O dedo de Deus não apertará o teclado da urna..
Colunista do UOL
Não é a primeira vez que campanha eleitoral vira disputa travada num pátio de milagres. Mas o fenômeno ganhou novas proporções em 2022. O segundo turno mal começou e já estão de volta as manifestações de fervor e fé dos protagonistas. Lula recebeu o apoio de freis franciscanos. Bolsonaro pediu votos num culto evangélico. Nas redes sociais, há um vídeo impulsionado pelo bolsonarismo que associa Lula ao satanismo. Outro vídeo, ressuscitado pelo petismo, mostra Bolsonaro num evento da maçonaria, organização demonizada por evangélicos e católicos.

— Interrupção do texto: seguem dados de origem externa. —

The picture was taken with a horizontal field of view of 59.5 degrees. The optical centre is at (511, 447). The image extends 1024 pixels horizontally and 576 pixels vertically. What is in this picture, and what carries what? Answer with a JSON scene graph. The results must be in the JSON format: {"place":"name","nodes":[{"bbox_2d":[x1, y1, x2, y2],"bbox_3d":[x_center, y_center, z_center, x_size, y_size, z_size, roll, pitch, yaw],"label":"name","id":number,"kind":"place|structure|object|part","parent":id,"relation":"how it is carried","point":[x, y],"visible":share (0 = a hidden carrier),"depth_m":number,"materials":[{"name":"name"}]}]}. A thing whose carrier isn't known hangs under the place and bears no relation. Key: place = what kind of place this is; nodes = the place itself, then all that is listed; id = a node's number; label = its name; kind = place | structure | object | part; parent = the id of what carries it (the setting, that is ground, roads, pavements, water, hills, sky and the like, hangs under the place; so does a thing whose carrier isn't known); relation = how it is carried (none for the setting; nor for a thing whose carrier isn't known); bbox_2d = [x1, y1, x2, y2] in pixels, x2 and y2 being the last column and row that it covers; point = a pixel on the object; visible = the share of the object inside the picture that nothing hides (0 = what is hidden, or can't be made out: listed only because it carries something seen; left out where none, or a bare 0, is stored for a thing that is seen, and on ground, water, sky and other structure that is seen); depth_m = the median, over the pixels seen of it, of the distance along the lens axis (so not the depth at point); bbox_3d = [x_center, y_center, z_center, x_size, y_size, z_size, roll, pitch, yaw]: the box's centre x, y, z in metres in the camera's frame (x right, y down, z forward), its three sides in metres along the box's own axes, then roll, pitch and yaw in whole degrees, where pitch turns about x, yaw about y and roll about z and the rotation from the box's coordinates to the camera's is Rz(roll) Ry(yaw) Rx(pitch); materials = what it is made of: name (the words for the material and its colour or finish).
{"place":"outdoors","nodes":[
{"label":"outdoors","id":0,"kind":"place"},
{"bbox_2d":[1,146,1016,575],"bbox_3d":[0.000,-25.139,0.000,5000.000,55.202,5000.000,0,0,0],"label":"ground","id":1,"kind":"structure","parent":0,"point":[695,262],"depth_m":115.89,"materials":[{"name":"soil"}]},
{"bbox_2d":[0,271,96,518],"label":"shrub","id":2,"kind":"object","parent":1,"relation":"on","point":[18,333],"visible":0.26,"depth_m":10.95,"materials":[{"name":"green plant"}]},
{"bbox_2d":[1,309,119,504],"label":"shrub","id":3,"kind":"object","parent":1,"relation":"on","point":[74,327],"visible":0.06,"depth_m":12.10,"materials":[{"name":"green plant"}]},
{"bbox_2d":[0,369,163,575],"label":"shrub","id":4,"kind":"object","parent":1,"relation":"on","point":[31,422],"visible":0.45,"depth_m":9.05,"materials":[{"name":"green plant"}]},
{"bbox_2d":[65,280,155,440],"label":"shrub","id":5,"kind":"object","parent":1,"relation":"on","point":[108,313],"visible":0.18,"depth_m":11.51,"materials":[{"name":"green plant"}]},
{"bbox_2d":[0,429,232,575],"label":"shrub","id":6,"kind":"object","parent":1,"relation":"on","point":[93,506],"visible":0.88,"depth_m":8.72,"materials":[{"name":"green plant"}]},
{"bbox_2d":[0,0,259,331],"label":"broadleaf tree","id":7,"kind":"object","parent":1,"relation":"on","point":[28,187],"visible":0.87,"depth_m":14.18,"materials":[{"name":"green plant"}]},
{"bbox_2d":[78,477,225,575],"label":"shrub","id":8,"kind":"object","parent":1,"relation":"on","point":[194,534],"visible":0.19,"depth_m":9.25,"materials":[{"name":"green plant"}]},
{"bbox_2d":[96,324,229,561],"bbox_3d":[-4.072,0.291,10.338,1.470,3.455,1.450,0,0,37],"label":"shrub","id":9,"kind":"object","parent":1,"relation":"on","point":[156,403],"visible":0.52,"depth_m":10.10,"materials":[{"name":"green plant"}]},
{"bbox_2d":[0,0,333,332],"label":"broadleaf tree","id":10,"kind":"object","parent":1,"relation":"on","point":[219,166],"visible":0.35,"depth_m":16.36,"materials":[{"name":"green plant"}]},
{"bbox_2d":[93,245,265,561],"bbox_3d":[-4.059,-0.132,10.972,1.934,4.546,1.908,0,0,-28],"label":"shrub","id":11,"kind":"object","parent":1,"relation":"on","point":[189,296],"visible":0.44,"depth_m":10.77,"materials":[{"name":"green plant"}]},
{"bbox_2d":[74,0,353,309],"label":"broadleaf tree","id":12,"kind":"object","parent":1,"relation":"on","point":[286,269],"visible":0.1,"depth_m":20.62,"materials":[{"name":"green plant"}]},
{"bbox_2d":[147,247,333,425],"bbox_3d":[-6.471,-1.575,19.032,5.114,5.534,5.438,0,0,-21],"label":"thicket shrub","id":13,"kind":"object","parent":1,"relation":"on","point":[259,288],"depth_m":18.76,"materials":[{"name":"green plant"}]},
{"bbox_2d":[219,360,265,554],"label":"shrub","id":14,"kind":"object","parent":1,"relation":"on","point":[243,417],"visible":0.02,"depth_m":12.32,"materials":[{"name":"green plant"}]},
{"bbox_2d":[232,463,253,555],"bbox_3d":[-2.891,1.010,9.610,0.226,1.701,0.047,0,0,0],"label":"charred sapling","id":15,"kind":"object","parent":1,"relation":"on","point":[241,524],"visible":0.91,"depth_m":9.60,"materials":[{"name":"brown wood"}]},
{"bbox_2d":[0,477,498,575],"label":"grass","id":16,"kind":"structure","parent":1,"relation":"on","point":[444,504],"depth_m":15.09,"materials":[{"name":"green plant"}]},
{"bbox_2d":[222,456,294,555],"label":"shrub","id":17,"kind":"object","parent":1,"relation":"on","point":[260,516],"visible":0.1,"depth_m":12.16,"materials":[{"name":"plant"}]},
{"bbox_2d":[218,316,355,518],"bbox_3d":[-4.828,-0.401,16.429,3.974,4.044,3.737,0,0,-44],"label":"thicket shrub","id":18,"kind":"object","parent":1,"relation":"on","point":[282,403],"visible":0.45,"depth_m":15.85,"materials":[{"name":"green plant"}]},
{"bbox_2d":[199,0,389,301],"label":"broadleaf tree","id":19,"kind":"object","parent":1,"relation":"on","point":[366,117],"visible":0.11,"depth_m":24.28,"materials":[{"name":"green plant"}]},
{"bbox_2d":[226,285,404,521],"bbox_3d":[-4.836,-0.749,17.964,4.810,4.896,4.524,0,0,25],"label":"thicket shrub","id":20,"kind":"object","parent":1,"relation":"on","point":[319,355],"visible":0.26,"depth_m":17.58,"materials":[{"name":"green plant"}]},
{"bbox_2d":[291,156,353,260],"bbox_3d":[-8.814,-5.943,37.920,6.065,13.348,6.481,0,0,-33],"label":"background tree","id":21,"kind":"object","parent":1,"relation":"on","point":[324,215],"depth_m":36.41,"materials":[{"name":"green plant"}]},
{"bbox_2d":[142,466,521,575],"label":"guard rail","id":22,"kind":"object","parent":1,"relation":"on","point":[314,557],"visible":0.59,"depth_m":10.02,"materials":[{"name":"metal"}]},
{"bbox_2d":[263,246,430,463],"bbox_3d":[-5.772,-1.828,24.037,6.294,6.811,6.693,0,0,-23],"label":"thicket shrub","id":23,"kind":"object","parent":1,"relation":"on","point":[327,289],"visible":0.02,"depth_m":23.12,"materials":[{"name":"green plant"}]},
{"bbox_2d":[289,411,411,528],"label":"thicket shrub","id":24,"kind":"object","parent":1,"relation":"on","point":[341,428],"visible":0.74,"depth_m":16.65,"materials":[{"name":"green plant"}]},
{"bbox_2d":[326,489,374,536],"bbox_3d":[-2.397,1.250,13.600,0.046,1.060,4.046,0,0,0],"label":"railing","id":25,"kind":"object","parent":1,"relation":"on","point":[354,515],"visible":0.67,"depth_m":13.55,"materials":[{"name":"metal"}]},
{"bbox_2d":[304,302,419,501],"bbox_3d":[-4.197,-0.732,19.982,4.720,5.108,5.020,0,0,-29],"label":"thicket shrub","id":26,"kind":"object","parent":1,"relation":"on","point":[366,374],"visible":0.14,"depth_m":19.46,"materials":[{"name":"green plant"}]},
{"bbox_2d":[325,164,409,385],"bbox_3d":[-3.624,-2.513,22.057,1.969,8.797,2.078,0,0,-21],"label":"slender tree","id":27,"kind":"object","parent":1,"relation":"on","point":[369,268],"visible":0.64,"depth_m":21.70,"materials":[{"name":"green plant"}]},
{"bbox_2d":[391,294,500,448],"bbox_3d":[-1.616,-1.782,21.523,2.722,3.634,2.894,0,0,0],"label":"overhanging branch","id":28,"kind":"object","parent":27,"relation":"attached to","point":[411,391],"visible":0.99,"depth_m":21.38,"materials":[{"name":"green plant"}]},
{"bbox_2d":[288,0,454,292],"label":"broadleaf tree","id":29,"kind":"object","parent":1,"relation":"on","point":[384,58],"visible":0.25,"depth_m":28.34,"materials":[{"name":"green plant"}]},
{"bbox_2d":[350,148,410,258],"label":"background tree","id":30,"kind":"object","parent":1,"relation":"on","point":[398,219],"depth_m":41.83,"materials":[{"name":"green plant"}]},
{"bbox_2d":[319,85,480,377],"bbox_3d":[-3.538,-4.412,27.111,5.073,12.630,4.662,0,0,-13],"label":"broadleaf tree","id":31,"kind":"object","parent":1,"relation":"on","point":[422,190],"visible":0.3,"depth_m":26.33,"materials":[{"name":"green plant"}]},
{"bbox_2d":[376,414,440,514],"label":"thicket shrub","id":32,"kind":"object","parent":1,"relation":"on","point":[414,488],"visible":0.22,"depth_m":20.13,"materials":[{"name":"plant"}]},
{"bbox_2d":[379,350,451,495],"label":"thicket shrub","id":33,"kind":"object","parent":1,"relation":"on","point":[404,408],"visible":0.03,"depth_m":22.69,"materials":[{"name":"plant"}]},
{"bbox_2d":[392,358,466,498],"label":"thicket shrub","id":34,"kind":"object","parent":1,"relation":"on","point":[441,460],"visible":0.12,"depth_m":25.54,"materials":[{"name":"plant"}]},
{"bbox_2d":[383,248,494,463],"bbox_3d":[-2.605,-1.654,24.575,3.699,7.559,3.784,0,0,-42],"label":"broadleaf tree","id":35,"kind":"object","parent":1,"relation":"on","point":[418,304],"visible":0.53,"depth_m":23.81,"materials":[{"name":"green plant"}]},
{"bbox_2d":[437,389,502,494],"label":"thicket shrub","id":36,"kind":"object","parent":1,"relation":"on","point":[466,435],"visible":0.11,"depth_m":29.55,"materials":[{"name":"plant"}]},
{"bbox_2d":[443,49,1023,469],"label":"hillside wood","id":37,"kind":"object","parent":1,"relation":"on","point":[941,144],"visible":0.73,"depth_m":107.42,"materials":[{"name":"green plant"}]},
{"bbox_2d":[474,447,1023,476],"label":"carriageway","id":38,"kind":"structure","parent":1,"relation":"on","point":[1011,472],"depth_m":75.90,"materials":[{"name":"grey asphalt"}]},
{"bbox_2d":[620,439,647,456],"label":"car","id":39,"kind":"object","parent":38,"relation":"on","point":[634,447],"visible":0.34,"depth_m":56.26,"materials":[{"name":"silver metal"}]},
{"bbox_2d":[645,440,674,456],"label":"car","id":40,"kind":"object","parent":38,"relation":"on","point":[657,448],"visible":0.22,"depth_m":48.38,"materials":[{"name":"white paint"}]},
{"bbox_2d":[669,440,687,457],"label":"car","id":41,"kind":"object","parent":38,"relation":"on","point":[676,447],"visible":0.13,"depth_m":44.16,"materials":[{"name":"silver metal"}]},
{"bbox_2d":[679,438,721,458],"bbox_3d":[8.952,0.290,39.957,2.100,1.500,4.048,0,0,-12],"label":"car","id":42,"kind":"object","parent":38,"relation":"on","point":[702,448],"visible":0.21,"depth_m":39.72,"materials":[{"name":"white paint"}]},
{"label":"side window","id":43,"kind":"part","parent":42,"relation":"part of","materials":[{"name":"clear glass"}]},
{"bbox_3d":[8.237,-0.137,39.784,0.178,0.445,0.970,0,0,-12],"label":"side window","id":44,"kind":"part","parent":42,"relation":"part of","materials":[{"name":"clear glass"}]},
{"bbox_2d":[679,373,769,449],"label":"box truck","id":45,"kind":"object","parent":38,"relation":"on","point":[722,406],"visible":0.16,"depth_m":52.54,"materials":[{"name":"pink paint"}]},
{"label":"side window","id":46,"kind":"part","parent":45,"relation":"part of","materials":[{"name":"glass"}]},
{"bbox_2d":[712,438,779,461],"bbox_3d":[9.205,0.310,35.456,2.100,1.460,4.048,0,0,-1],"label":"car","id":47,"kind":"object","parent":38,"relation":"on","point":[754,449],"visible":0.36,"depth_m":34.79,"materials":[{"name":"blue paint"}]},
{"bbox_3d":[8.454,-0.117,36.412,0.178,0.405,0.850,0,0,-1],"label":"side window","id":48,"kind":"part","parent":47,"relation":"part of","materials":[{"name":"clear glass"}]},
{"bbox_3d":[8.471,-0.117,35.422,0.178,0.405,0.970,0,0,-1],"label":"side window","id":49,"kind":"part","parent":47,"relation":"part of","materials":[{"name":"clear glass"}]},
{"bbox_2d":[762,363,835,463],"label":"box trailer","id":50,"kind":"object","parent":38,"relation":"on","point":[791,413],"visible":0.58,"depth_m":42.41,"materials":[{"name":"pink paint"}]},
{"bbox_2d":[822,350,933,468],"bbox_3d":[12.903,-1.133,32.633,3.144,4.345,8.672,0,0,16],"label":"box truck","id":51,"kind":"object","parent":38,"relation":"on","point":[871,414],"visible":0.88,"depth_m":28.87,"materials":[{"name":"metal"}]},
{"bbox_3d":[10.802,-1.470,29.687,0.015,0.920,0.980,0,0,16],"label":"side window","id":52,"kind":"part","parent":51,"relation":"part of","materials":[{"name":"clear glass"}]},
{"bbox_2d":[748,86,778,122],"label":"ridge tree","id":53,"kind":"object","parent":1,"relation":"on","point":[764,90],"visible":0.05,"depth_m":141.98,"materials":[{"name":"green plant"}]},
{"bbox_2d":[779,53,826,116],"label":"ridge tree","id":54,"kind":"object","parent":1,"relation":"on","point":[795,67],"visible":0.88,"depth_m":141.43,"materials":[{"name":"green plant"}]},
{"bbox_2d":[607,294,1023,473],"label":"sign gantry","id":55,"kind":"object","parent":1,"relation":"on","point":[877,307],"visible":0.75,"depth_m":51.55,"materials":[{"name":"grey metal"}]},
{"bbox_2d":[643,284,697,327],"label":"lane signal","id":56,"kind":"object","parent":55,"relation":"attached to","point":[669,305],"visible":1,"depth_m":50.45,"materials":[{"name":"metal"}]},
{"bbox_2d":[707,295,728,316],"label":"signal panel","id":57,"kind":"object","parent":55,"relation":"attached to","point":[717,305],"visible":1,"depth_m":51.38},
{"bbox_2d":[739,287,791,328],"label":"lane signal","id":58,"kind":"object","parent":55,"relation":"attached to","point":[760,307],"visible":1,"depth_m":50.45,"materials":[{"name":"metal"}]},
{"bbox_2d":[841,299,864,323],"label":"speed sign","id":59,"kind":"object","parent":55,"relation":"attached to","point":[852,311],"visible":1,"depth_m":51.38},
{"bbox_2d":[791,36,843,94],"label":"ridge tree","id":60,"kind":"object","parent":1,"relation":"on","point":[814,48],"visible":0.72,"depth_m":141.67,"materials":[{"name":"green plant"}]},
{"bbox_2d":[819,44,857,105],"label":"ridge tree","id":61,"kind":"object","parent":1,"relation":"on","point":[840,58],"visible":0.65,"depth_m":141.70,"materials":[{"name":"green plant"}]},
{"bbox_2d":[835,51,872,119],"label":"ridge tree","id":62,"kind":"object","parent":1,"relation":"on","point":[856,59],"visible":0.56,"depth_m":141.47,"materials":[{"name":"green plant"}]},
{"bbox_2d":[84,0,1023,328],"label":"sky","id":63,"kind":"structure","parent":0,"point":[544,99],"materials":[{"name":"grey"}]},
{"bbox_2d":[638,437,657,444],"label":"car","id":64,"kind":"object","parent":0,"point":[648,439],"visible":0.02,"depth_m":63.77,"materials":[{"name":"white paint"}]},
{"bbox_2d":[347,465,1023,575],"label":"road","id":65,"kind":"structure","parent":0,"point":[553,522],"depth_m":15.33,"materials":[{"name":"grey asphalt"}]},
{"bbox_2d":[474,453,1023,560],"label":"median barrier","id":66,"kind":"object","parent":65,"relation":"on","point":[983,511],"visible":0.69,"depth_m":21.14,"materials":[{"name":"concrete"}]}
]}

Discursando na noite passada para devotos reunidos num culto da Assembleia de Deus Ministério de Madureira, na zona leste de São Paulo, Bolsonaro disse que oponente não é apenas seu adversário, mas inimigo da nação. Lula, no seu encontro com os freis católicos, disse que "a fé é algo muito sagrado." Depois, afirmou que gosta de segundo turno "porque o povo tem uma segunda chance." É como na Igreja católica, ele comparou. "Tem o batismo e depois tem a crisma, para dar uma chance da pessoa escolher seu próprio padrinho".
Lula e Bolsonaro se esforçam para demonstrar à sociedade que Deus está presente em suas respectivas campanhas. Em parte, sempre foi assim. Mas a parceria de Bolsonaro com pastores que exploram politicamente logomarcas evangélicas potencializou a mistura do divino com o profano universo eleitoral. Lula entrou no jogo. Cobiça o voto evangélico, majoritariamente fechado com seu rival, sem descuidar da aliança histórica do petismo com a sacristia.

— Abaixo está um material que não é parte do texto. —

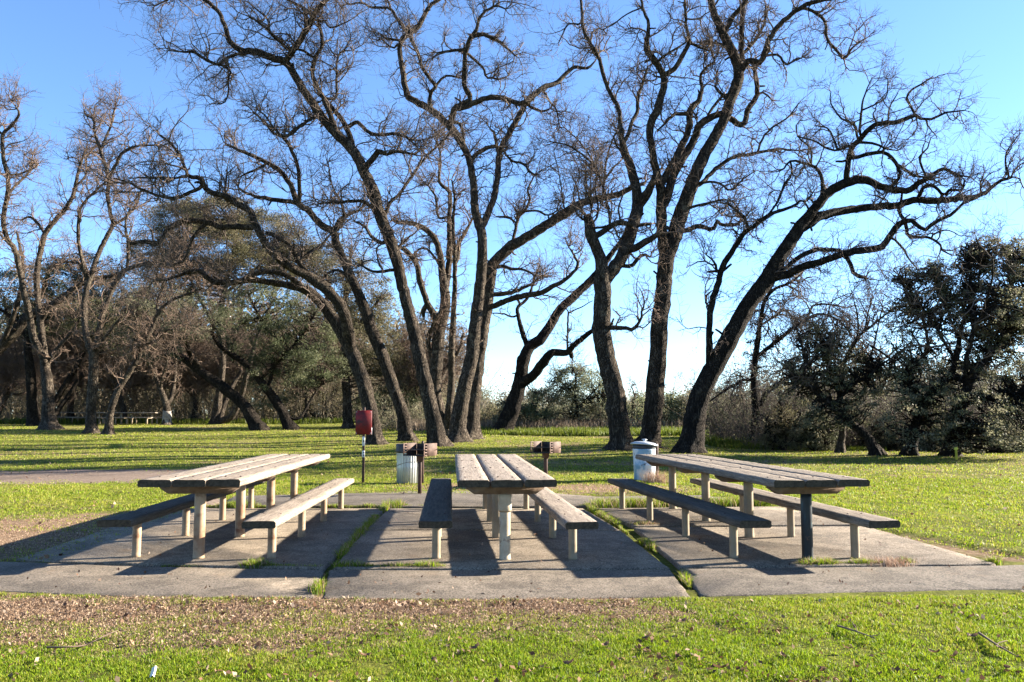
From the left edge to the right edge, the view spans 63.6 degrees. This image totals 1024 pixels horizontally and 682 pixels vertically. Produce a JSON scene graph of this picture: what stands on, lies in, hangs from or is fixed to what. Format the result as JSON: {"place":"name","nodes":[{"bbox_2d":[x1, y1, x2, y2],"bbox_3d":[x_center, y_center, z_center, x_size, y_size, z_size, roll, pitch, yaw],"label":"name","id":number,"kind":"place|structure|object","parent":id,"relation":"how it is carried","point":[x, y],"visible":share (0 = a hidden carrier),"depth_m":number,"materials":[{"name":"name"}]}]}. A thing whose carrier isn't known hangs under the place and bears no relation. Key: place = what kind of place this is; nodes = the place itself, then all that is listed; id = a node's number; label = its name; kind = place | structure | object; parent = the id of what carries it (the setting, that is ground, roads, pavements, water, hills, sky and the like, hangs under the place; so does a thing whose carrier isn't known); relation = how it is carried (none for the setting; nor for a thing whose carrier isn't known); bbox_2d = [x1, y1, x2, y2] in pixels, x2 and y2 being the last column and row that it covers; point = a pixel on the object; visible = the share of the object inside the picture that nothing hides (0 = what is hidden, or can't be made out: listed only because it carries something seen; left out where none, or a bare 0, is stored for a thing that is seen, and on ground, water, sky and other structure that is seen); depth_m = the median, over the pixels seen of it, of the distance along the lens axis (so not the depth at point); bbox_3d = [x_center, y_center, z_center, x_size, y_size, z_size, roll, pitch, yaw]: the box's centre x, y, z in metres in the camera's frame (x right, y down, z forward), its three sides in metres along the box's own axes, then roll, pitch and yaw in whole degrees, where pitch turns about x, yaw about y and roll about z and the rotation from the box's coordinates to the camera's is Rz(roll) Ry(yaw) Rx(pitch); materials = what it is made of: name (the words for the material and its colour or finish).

Levada para as redes sociais, a disputa diabólica passa a impressão sombria de que a humanidade caminhou milhões de anos para voltar ao ponto de partida no Brasil. Tudo começou com os desenhos rupestres nas paredes das cavernas. E termina com os brasileiros magnetizados diante de memes e vídeos exibidos nas paredes das redes sociais.
A visão de anjos vigiando as urnas eletrônicas, enquanto Deus decifra o enigma da polarização digitando 13 ou 22 no teclado parece muito conveniente. O diabo é que Deus não requisitou ao TSE um título de eleitor. O dedo Dele não pressionará as urnas n o dia 30 de outubro.
O país não está nas mãos do sobrenatural. Seria melhor se os candidatos esclarecessem seus planos, para que o eleitor pudesse tomar a melhor decisão. Ou a menos pior.